## Records supplied
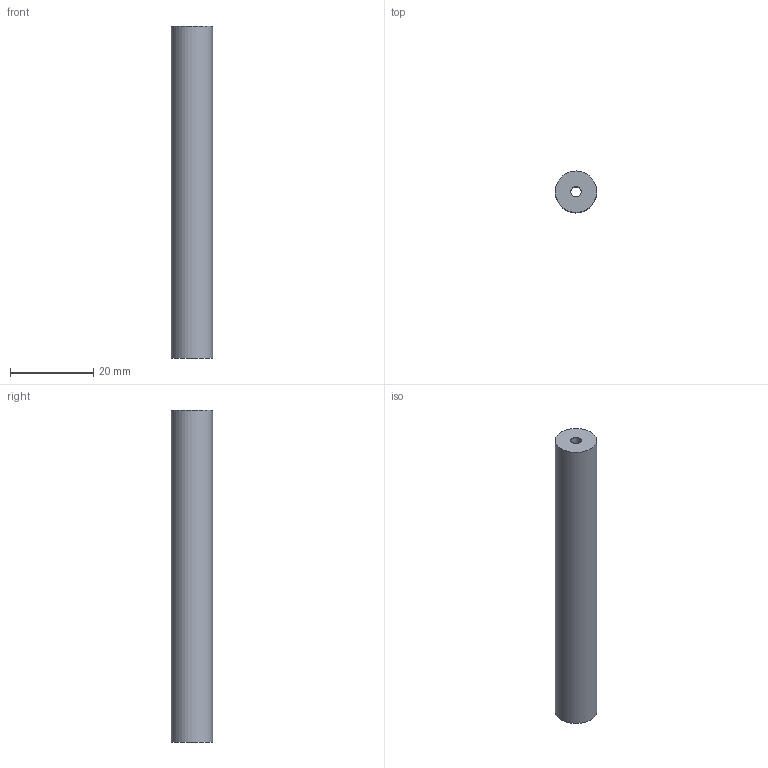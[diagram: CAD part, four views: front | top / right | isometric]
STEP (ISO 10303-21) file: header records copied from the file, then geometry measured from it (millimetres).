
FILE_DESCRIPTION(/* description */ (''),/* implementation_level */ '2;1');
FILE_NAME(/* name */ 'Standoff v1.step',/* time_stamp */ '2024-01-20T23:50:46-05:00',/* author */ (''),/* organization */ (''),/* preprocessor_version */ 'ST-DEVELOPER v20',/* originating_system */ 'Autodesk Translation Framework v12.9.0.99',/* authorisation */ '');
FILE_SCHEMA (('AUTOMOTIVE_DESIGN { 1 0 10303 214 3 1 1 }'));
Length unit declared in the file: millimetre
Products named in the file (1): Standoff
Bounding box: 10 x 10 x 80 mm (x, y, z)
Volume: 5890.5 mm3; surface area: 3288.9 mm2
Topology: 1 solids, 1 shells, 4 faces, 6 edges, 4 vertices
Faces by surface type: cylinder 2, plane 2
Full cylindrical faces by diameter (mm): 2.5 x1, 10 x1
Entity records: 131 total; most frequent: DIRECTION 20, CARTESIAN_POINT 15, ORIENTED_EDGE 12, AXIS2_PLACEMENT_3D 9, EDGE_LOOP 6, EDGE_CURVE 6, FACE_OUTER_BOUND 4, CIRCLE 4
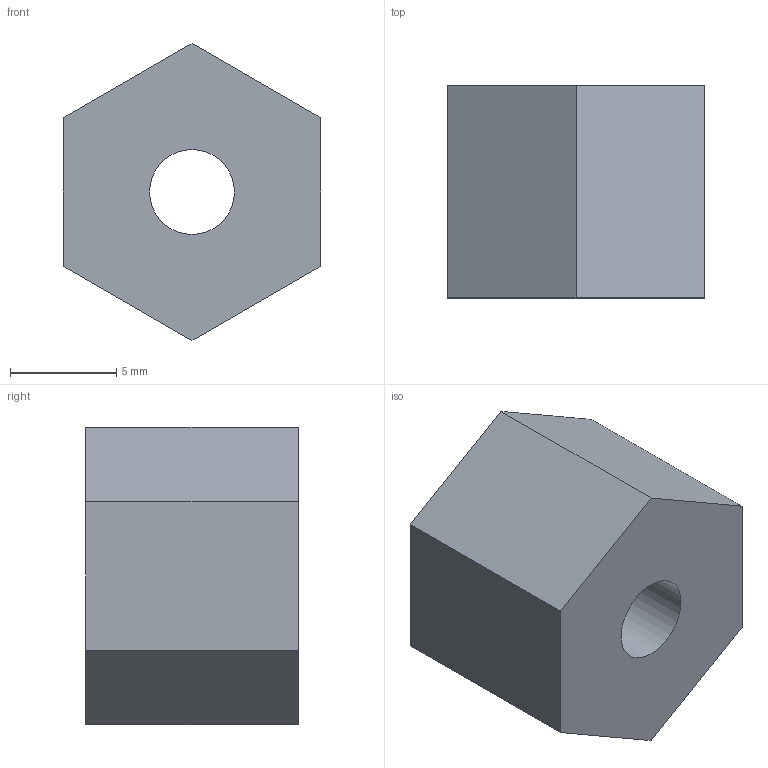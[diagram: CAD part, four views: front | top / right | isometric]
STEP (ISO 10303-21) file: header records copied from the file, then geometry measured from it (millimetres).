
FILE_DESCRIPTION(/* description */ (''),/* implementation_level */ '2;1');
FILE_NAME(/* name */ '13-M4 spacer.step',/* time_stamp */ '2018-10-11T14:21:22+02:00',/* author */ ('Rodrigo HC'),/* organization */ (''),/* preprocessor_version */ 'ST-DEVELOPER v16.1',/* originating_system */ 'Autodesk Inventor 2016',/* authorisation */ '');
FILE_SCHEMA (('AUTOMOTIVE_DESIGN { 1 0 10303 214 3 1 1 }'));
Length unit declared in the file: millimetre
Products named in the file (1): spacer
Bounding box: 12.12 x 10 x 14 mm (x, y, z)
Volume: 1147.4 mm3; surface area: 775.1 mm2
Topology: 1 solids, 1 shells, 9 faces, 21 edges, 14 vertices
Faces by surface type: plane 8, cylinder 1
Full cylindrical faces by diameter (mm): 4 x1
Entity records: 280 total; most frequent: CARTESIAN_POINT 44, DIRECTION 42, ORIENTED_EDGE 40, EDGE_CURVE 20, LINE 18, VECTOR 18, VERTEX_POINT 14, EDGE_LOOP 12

## Instructions to follow
Your answer must restate the entries word for word and contain no pictures.

## Exercise result
[diagram: CAD part, four views: front | top / right | isometric]
STEP (ISO 10303-21) file: header records copied from the file, then geometry measured from it (millimetres).
FILE_DESCRIPTION(/* description */ (''),/* implementation_level */ '2;1');
FILE_NAME(/* name */ 'Standoff v1.step',/* time_stamp */ '2024-01-20T23:50:46-05:00',/* author */ (''),/* organization */ (''),/* preprocessor_version */ 'ST-DEVELOPER v20',/* originating_system */ 'Autodesk Translation Framework v12.9.0.99',/* authorisation */ '');
FILE_SCHEMA (('AUTOMOTIVE_DESIGN { 1 0 10303 214 3 1 1 }'));
Length unit declared in the file: millimetre
Products named in the file (1): Standoff
Bounding box: 10 x 10 x 80 mm (x, y, z)
Volume: 5890.5 mm3; surface area: 3288.9 mm2
Topology: 1 solids, 1 shells, 4 faces, 6 edges, 4 vertices
Faces by surface type: cylinder 2, plane 2
Full cylindrical faces by diameter (mm): 2.5 x1, 10 x1
Entity records: 131 total; most frequent: DIRECTION 20, CARTESIAN_POINT 15, ORIENTED_EDGE 12, AXIS2_PLACEMENT_3D 9, EDGE_LOOP 6, EDGE_CURVE 6, FACE_OUTER_BOUND 4, CIRCLE 4
[diagram: CAD part, four views: front | top / right | isometric]
STEP (ISO 10303-21) file: header records copied from the file, then geometry measured from it (millimetres).
FILE_DESCRIPTION(/* description */ (''),/* implementation_level */ '2;1');
FILE_NAME(/* name */ '13-M4 spacer.step',/* time_stamp */ '2018-10-11T14:21:22+02:00',/* author */ ('Rodrigo HC'),/* organization */ (''),/* preprocessor_version */ 'ST-DEVELOPER v16.1',/* originating_system */ 'Autodesk Inventor 2016',/* authorisation */ '');
FILE_SCHEMA (('AUTOMOTIVE_DESIGN { 1 0 10303 214 3 1 1 }'));
Length unit declared in the file: millimetre
Products named in the file (1): spacer
Bounding box: 12.12 x 10 x 14 mm (x, y, z)
Volume: 1147.4 mm3; surface area: 775.1 mm2
Topology: 1 solids, 1 shells, 9 faces, 21 edges, 14 vertices
Faces by surface type: plane 8, cylinder 1
Full cylindrical faces by diameter (mm): 4 x1
Entity records: 280 total; most frequent: CARTESIAN_POINT 44, DIRECTION 42, ORIENTED_EDGE 40, EDGE_CURVE 20, LINE 18, VECTOR 18, VERTEX_POINT 14, EDGE_LOOP 12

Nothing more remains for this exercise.